[Records from a collection]
_ _ _ _ _

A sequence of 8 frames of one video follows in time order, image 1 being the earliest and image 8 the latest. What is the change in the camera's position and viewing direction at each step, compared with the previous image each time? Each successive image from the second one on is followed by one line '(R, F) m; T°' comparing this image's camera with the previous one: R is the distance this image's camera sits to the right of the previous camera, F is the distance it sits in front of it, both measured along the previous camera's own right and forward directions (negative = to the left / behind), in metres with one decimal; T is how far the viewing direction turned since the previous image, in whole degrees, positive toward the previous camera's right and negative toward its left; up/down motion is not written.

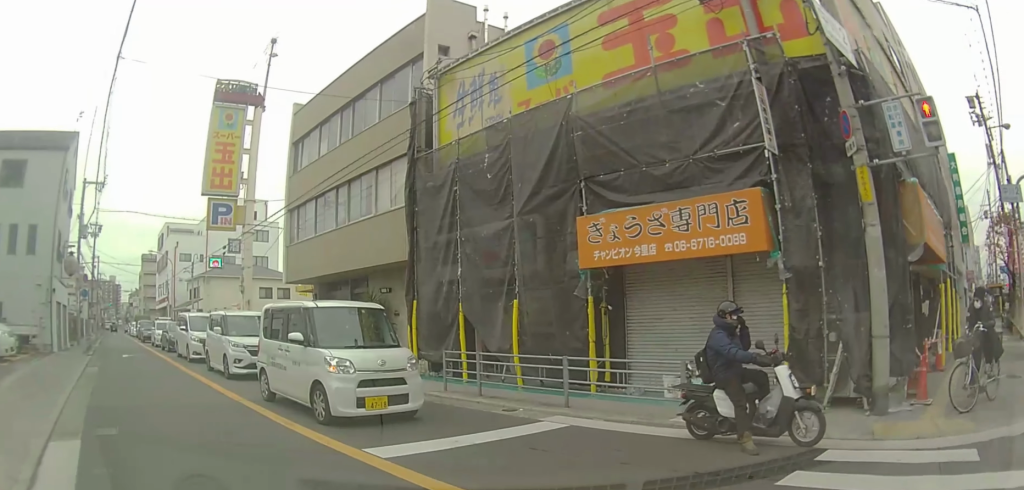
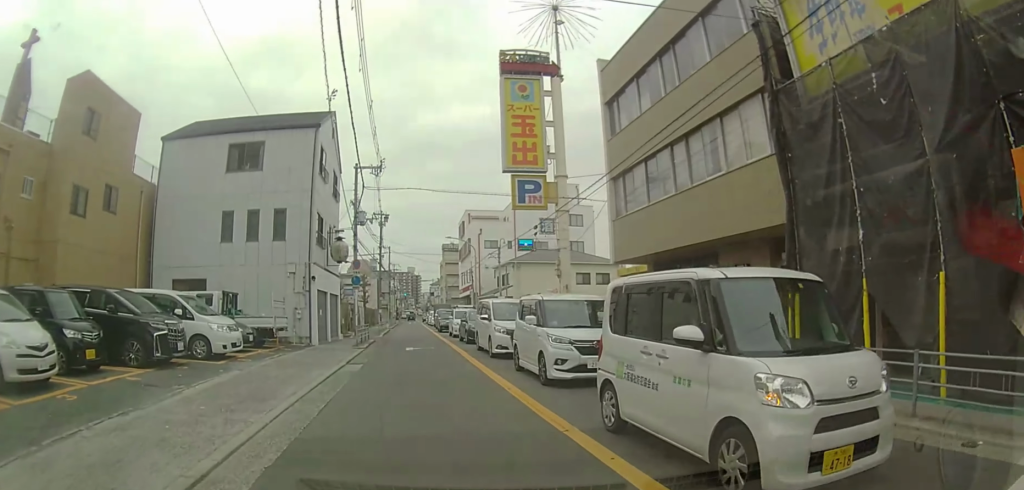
(-1.0, +4.1) m; -23°
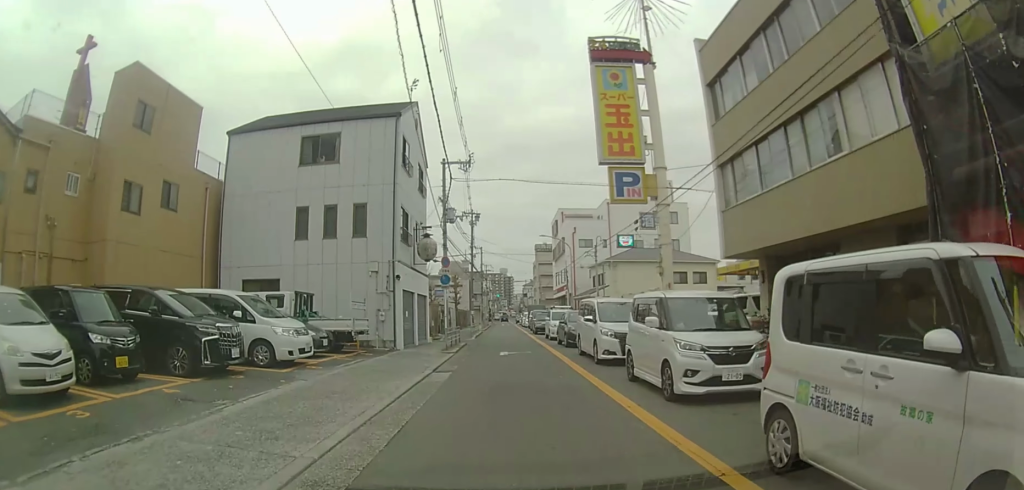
(-0.1, +1.3) m; -8°
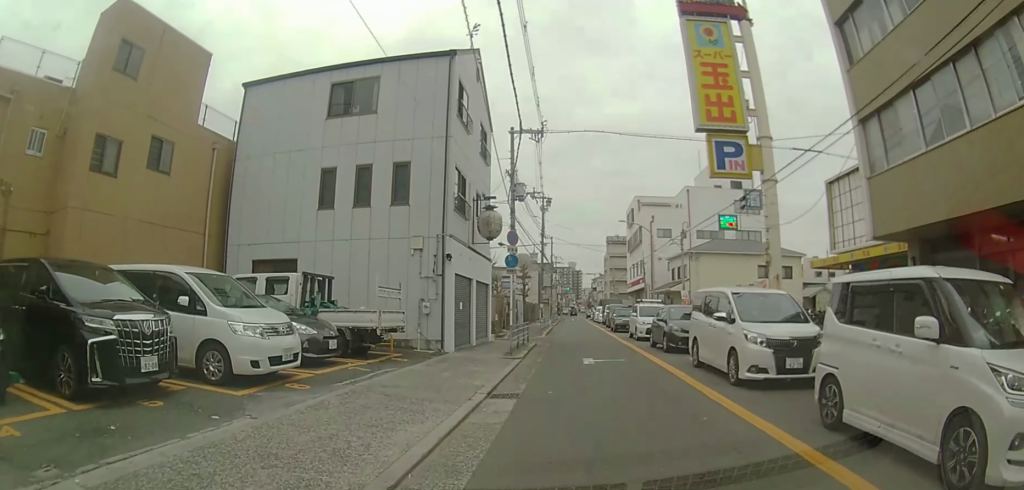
(-0.6, +3.3) m; -20°
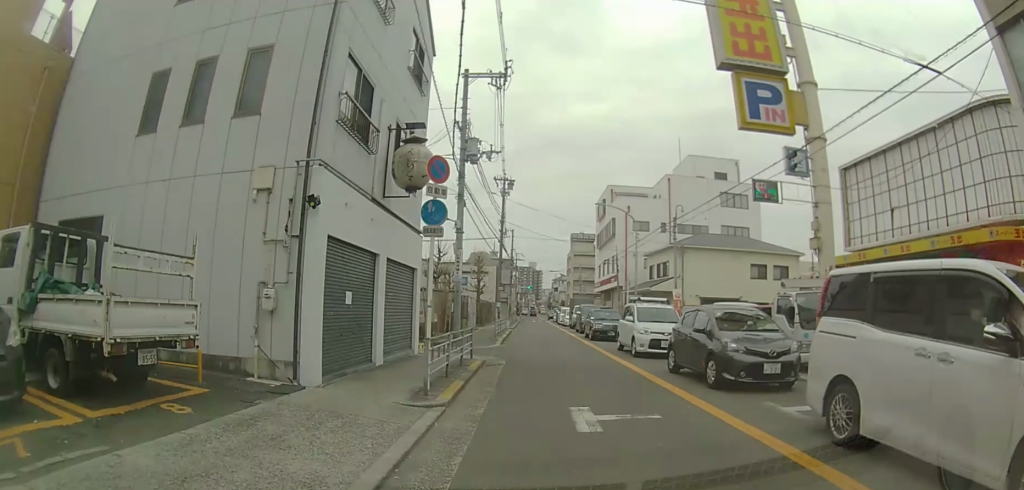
(-0.7, +5.7) m; -7°
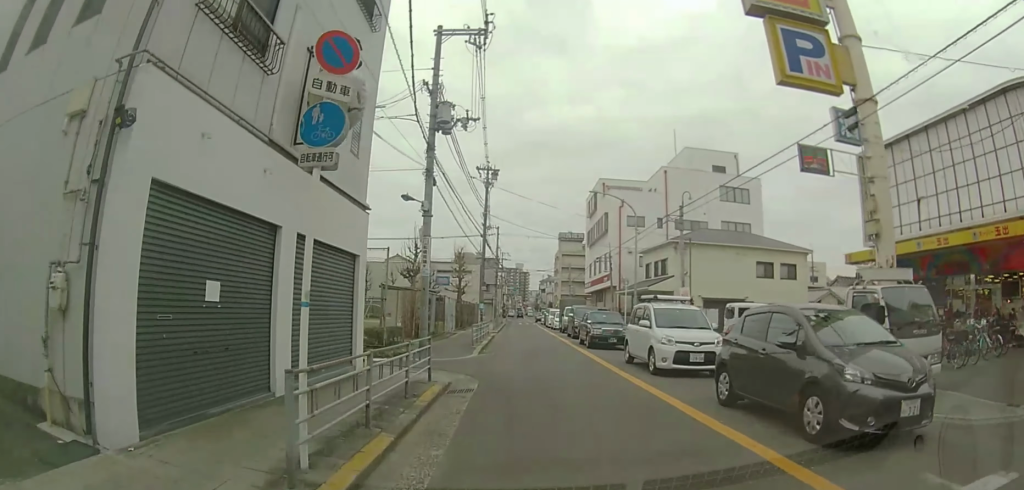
(0.0, +3.5) m; +2°
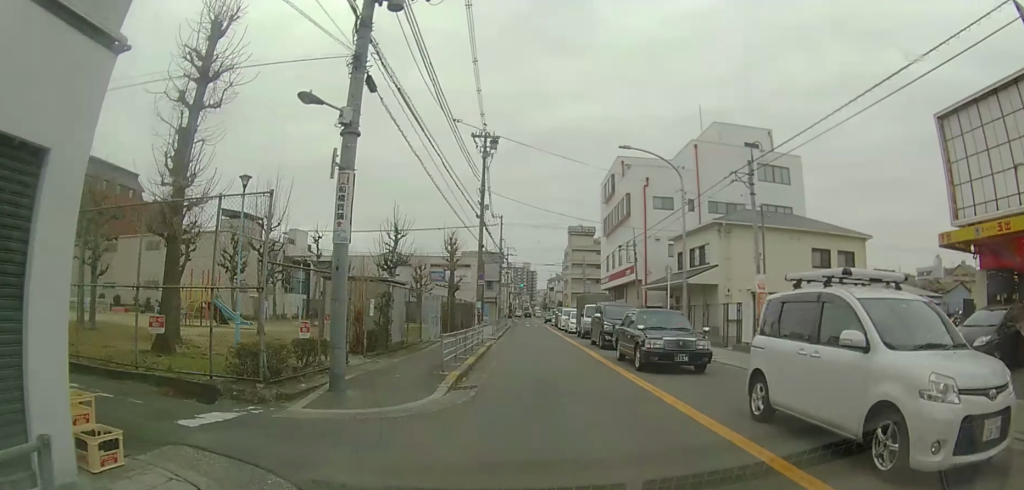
(+0.3, +7.3) m; +5°
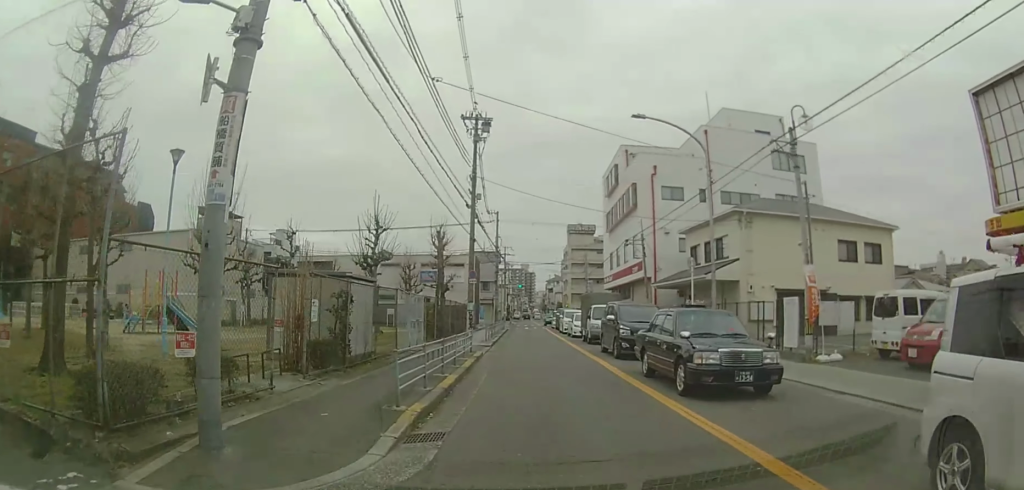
(0.0, +3.6) m; 0°

_ _ _ _ _

* _Work request_
No picture belongs in the answer; the rest of the records must be repeated exactly.

* _Response to this exercise_
A sequence of 8 frames of one video follows in time order, image 1 being the earliest and image 8 the latest. What is the change in the camera's position and viewing direction at each step, compared with the previous image each time? Each successive image from the second one on is followed by one line '(R, F) m; T°' comparing this image's camera with the previous one: R is the distance this image's camera sits to the right of the previous camera, F is the distance it sits in front of it, both measured along the previous camera's own right and forward directions (negative = to the left / behind), in metres with one decimal; T is how far the viewing direction turned since the previous image, in whole degrees, positive toward the previous camera's right and negative toward its left; up/down motion is not written.

(-1.0, +4.1) m; -23°
(-0.1, +1.3) m; -8°
(-0.6, +3.3) m; -20°
(-0.7, +5.7) m; -7°
(0.0, +3.5) m; +2°
(+0.3, +7.3) m; +5°
(0.0, +3.6) m; 0°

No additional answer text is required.